Disciplinary Counsel IS INVITED to submit his statement of fees and costs to Respondent and the Tribunal within 15 days of this opinion. Following the submission, Respondent shall have seven days to file any objections to Disciplinary Counsel’s submissions. Upon reviewing Disciplinary Counsel’s submissions and any objections lodged by Respondent, the Tribunal will issue a separate order fixing the total costs and fees to be borne by Respondent.



[1] The Tribunal applies the Rules as they were in effect at the time the complaint was filed.

[2] We are also concerned that the amount of time billed to each task appears to be excessive. Though this count of the Complaint was dismissed, and therefore no finding of liability on that count is made, the seemingly excessive billing informs our evaluation of the harm done to Respondent’s client.

[3] Disciplinary Counsel submits that in his opinion the apology was “[n]either heartfelt [n]or credible,” and “did not appear to contain a genuine expression of regret (nor empathy), a credible explanation of what went wrong, an acknowledgment of responsibility, a declaration of repentance, an offer of repair, or a request for forgiveness.” We disagree with this characterization. And although Respondent’s statement may have been “mostly rambling [and] stream-of-consciousness,” the Tribunal notes that Respondent was making her statement from the United Kingdom where it was middle of the night at the time the hearing was taking place in Palau.

[4] In light of this offer, we reject Disciplinary Counsel’s argument that Respondent “made no offers of restitution during her statement.”

[5] It goes without saying that should this option be chosen, Respondent must adhere to all of the professional standards in her representation of Ms. Motoki. Failure to do so will be grounds for additional, and harsher, discipline.
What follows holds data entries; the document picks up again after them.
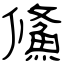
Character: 鯈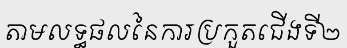
តាមលទ្ធផលនៃការប្រកួតជើងទី២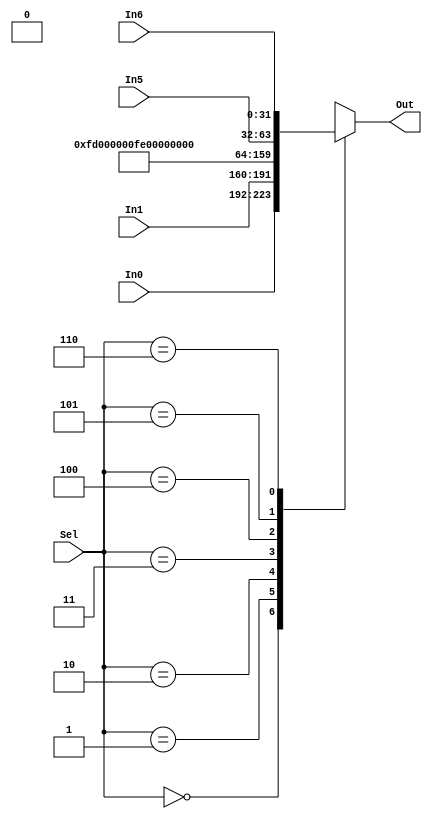
module mux_IorD(Out,Sel,In0,In1,In5,In6); 

input [31:0] In0,In1,In5,In6; //entradas de 32 bits
input [2:0] Sel; //seletor de 3 bits
output [31:0] Out; //saida de 32 bits

reg [31:0] Out; 
reg [31:0] In2,In3,In4; //entradas de 32 bits

initial begin
    In2[31:0] = 32'd253; // 253
    In3[31:0] = 32'd254; // 254
    In4[31:0] = 32'd255; // 255
end

//Check the state of the input lines 

always @ (In0 or In1 or In2 or In3 or In4 or In5 or In6 or Sel) 

begin 

 case (Sel) 

  3'b000 : Out = In0; 

  3'b001 : Out = In1; 

  3'b010 : Out = In2; 

  3'b011 : Out = In3; 

  3'b100 : Out = In4; 

  3'b101 : Out = In5; 

  3'b110 : Out = In6; 

  default : Out = 31'bx; 

  //If input is undefined then output is undefined 

 endcase 

end  

endmodule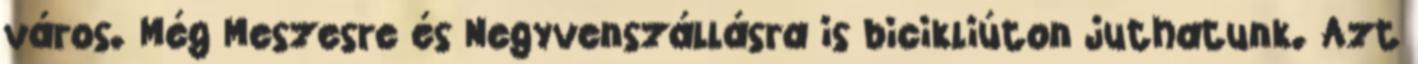
város. Még Meszesre és Negyvenszállásra is bicikliúton juthatunk. Azt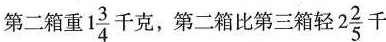
第二箱重1 \frac{3}{4}千克，第二箱比第三箱轻2 \frac{2}{5}千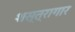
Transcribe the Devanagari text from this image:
शस्‍त्रागार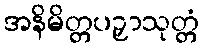
အနိမိတ္တပဉှာသုတ္တံ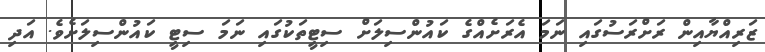
ޒަރިއްޔާއިން ރަށްރަސުގައި ނަމަ އެރަށެއްގެ ކައުންސިލަށް ސިޓީތަކުގައި ނަމަ ސިޓީ ކައުންސިލަށެވެ. އަދި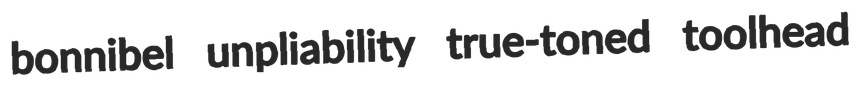
bonnibel unpliability true-toned toolhead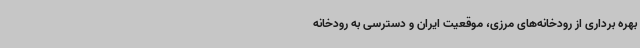
بهره برداری از رودخانه‌های مرزی، موقعیت ایران و دسترسی به رودخانه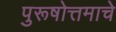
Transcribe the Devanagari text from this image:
पुरूषोत्तमाचे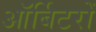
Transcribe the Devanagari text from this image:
ऑर्बिटरों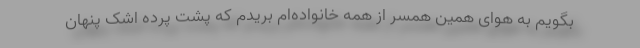
بگویم به هوای همین همسر از همه خانواده‌ام بریدم که پشت پرده اشک پنهان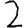
Digit: 2

[6] Respondent argues that Disciplinary Counsel, through refusal to timely communicate or timely engage in substantive discussions regarding settlement and stipulation of certain facts “piled on” fees that could have been avoided. If that is so, Respondent is welcome to file objections to Disciplinary Counsel’s requested fees by identifying which fees Respondent believes were unnecessarily incurred. At present, we express no opinion on whether such objections, if lodged, will be sustained.

[7] We also decline Disciplinary Counsel’s suggestion that this matter be published in newspapers and announced on the radio. The media is, of course, free to report on this (or any other) decision, but the Disciplinary Tribunal, like all other courts of the Republic, speaks through its written opinions and not newspaper announcements.